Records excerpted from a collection
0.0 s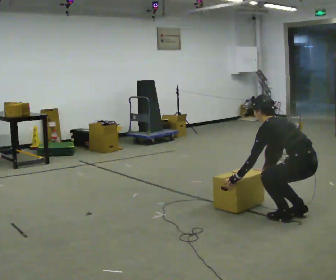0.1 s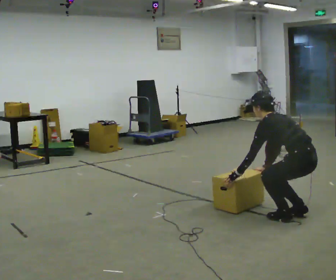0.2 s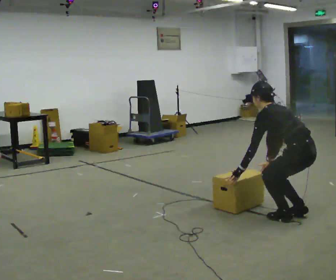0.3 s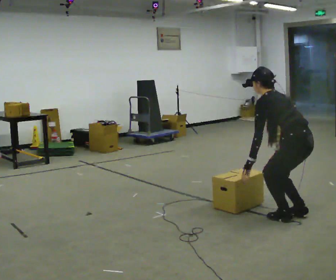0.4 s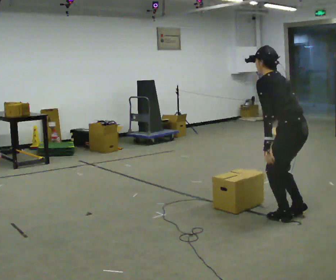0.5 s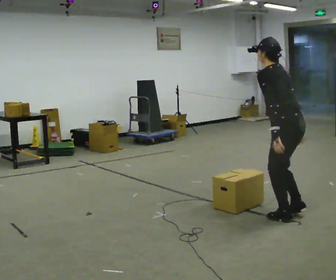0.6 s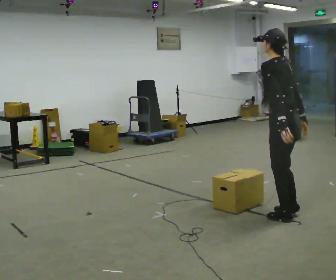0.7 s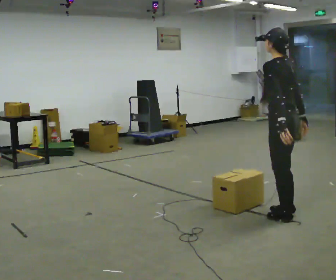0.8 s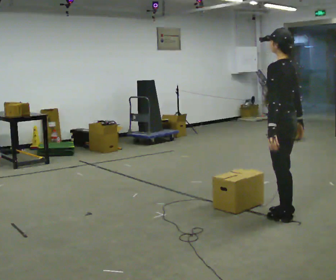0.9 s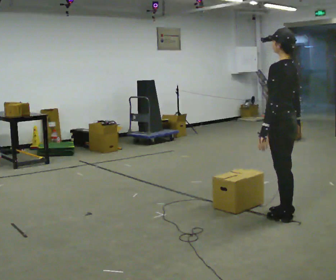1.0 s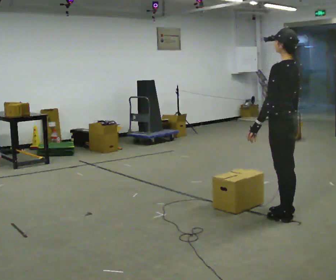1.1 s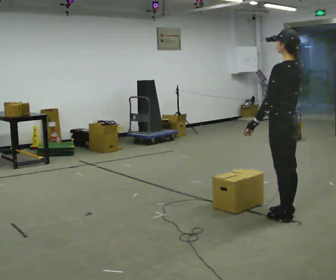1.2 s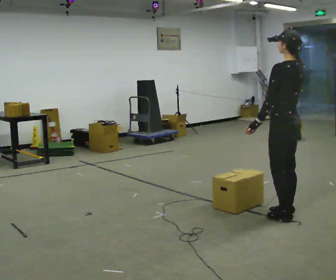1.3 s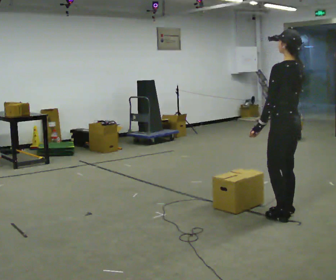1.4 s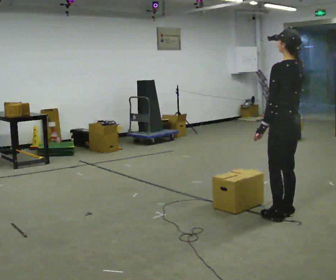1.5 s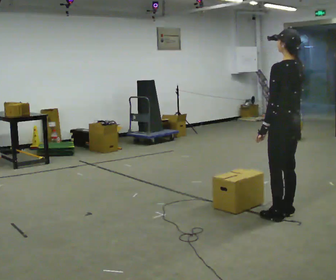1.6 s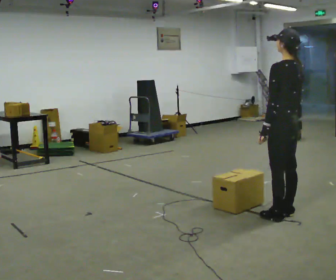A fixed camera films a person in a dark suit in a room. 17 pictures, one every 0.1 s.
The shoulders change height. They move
upward.
Their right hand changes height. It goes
upward.
0.0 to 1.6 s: In the picture they go to the left, about 0.25 m, which for them is forward. The shoulders move upward. In the picture the upper body tilts clockwise, shoulders to the right, as they lean back or straighten. In the picture their right hand goes upward.
The film runs forward here.
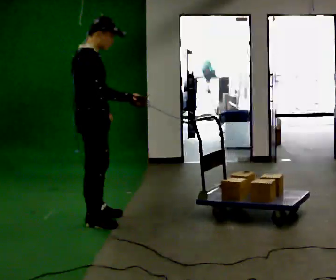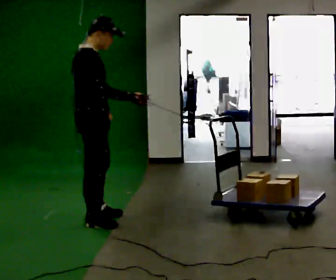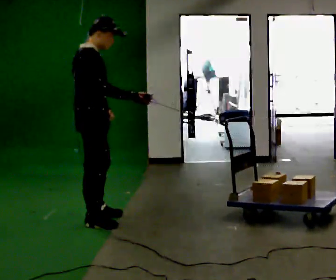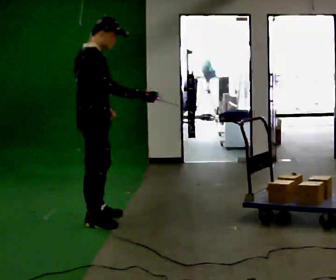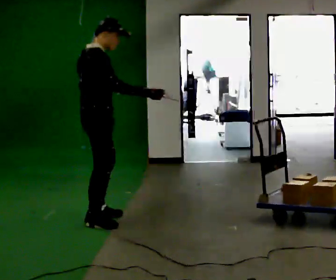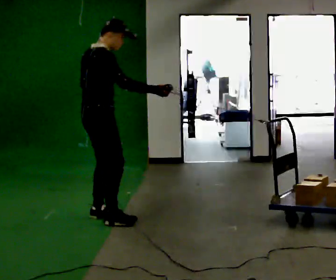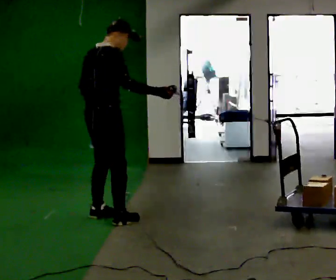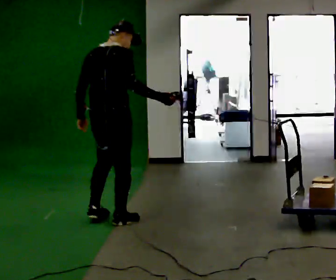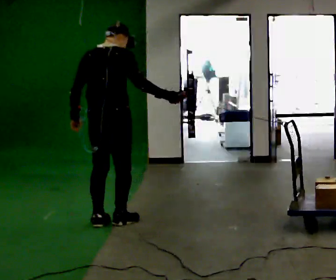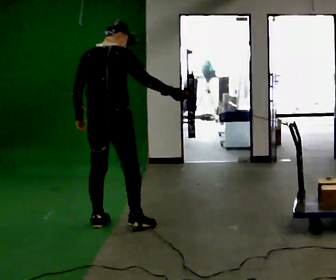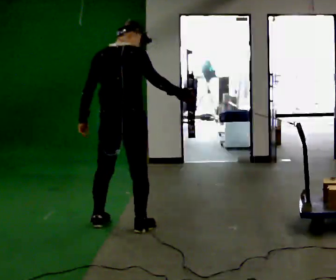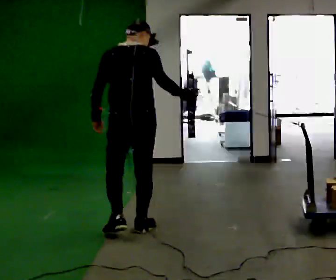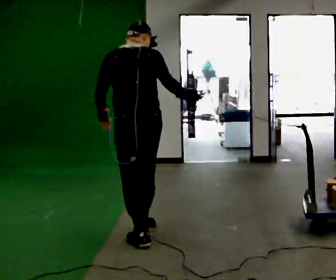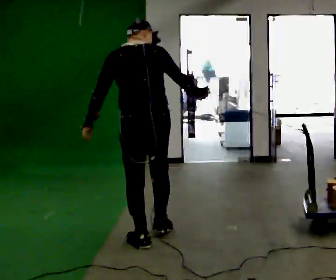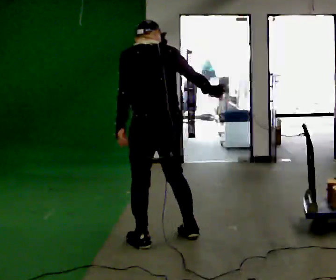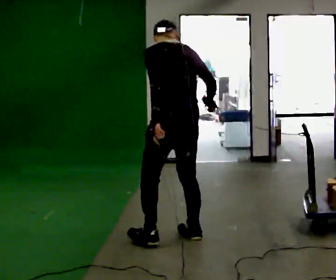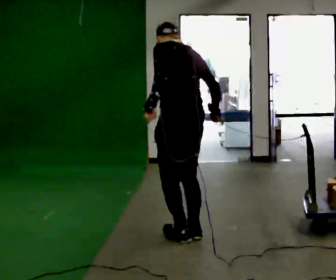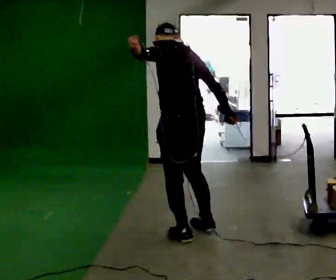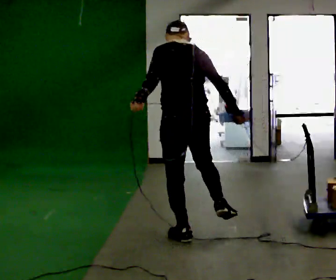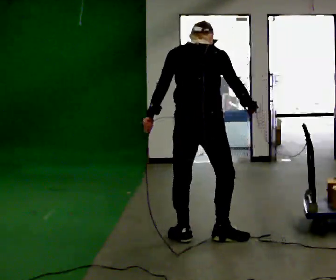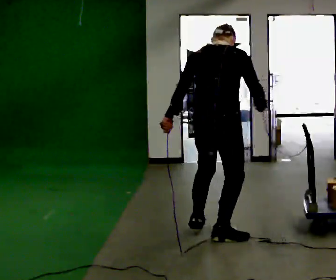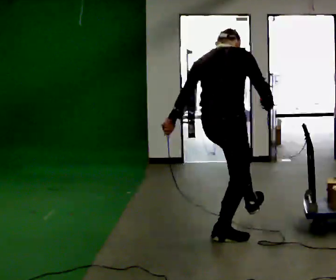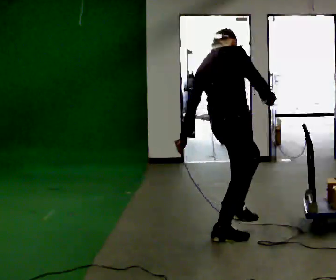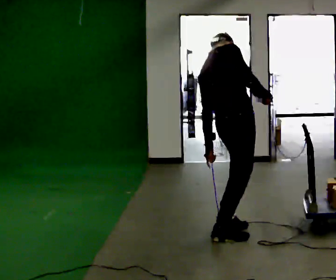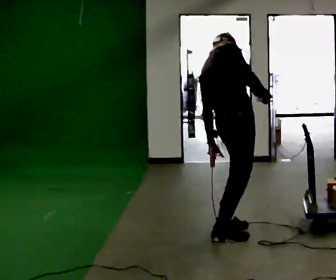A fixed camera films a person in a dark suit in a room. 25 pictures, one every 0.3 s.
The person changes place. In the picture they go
to the right.
0.0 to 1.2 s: The person moves a little, or ends about where they began.
1.2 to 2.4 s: The part of the body nearest the lens slides to the right as the person turns to their left by about 60 degrees.
2.4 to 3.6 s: The person turns about 30 degrees to their left, counterclockwise seen from above, so the part of the body nearest the lens slides to the right. In the picture they go toward the camera and to the right, about 0.5 m in 2 steps, which for them is to their right and backward.
3.6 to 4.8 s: Seen from above the body turns counterclockwise, about 30 degrees: to their left, with its near side sliding to the right. In the picture they go to the right, about 0.25 m in 2 steps, which for them is to their right and backward.
4.8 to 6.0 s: The person turns about 75 degrees to their right, clockwise seen from above, so the part of the body nearest the lens slides to the left. In the picture they go to the right, about 0.25 m in 1 step.
6.0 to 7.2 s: Seen from above the body turns clockwise, about 45 degrees: to their right, with its near side sliding to the left. In the picture the upper body tilts counterclockwise, shoulders to the left, as they lean back or straighten. In the picture their left hand goes to the right.
The film runs backward here.
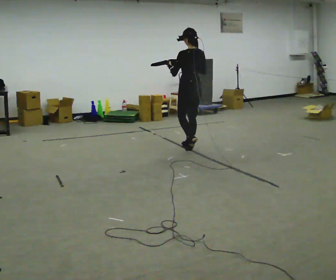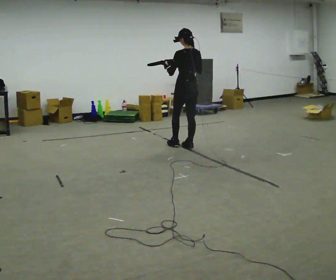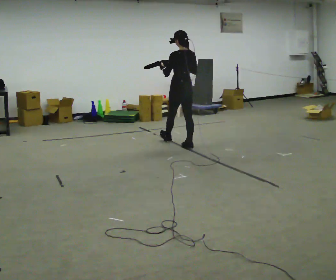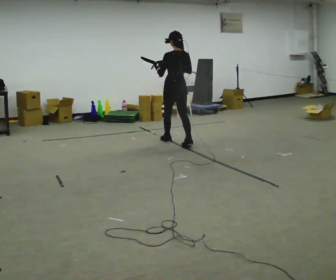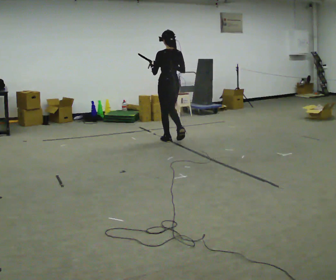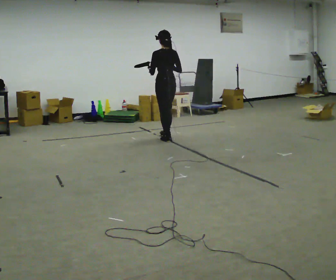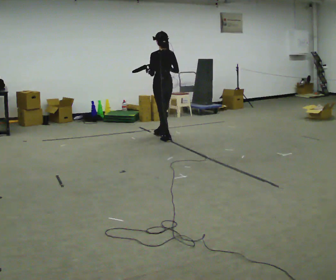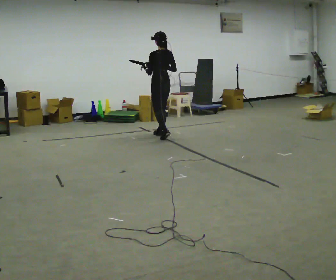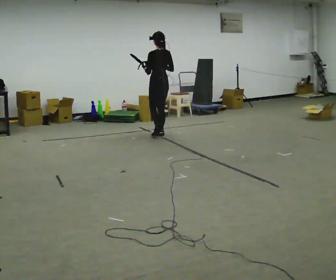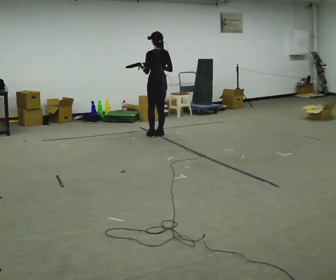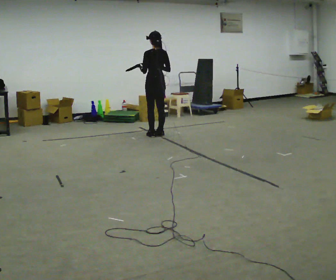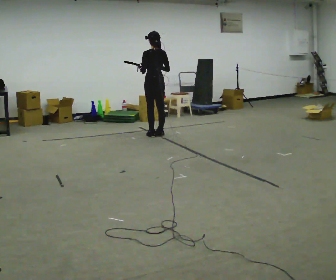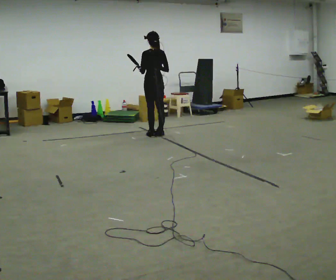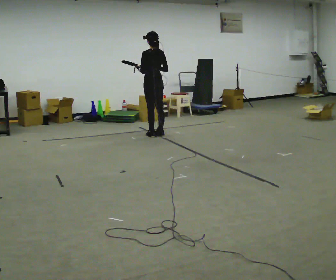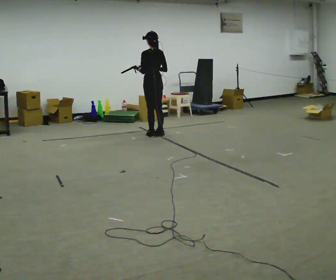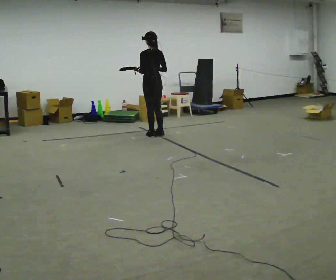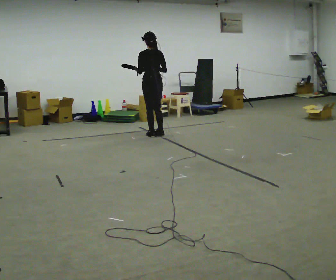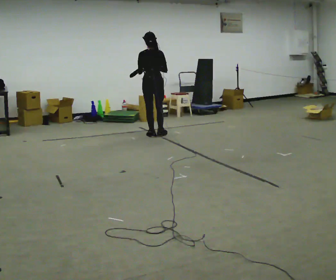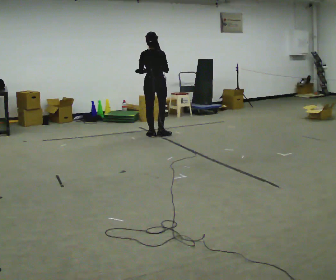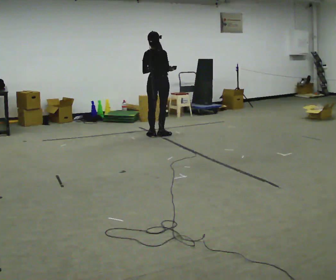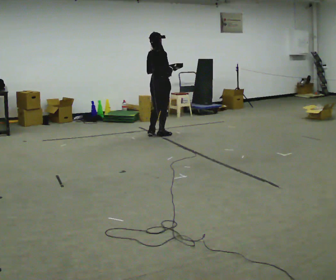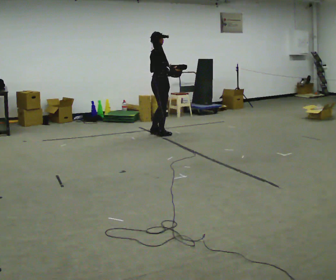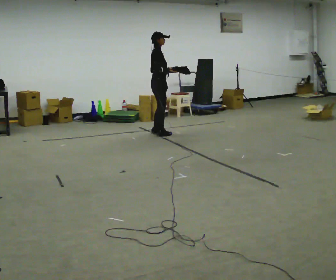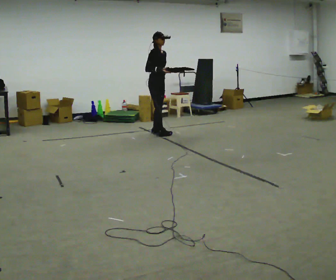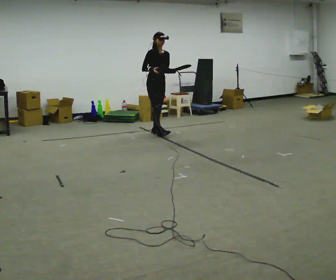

- [Your objective]: Pictures excluded, output exactly the line that contains "The shoulders change height. They move" and every line after it to the end of the data above.

- [Response to the exercise]:
The shoulders change height. They move
upward.
Their right hand changes height. It goes
upward.
0.0 to 1.6 s: In the picture they go to the left, about 0.25 m, which for them is forward. The shoulders move upward. In the picture the upper body tilts clockwise, shoulders to the right, as they lean back or straighten. In the picture their right hand goes upward.
The film runs forward here.
A fixed camera films a person in a dark suit in a room. 25 pictures, one every 0.3 s.
The person changes place. In the picture they go
to the right.
0.0 to 1.2 s: The person moves a little, or ends about where they began.
1.2 to 2.4 s: The part of the body nearest the lens slides to the right as the person turns to their left by about 60 degrees.
2.4 to 3.6 s: The person turns about 30 degrees to their left, counterclockwise seen from above, so the part of the body nearest the lens slides to the right. In the picture they go toward the camera and to the right, about 0.5 m in 2 steps, which for them is to their right and backward.
3.6 to 4.8 s: Seen from above the body turns counterclockwise, about 30 degrees: to their left, with its near side sliding to the right. In the picture they go to the right, about 0.25 m in 2 steps, which for them is to their right and backward.
4.8 to 6.0 s: The person turns about 75 degrees to their right, clockwise seen from above, so the part of the body nearest the lens slides to the left. In the picture they go to the right, about 0.25 m in 1 step.
6.0 to 7.2 s: Seen from above the body turns clockwise, about 45 degrees: to their right, with its near side sliding to the left. In the picture the upper body tilts counterclockwise, shoulders to the left, as they lean back or straighten. In the picture their left hand goes to the right.
The film runs backward here.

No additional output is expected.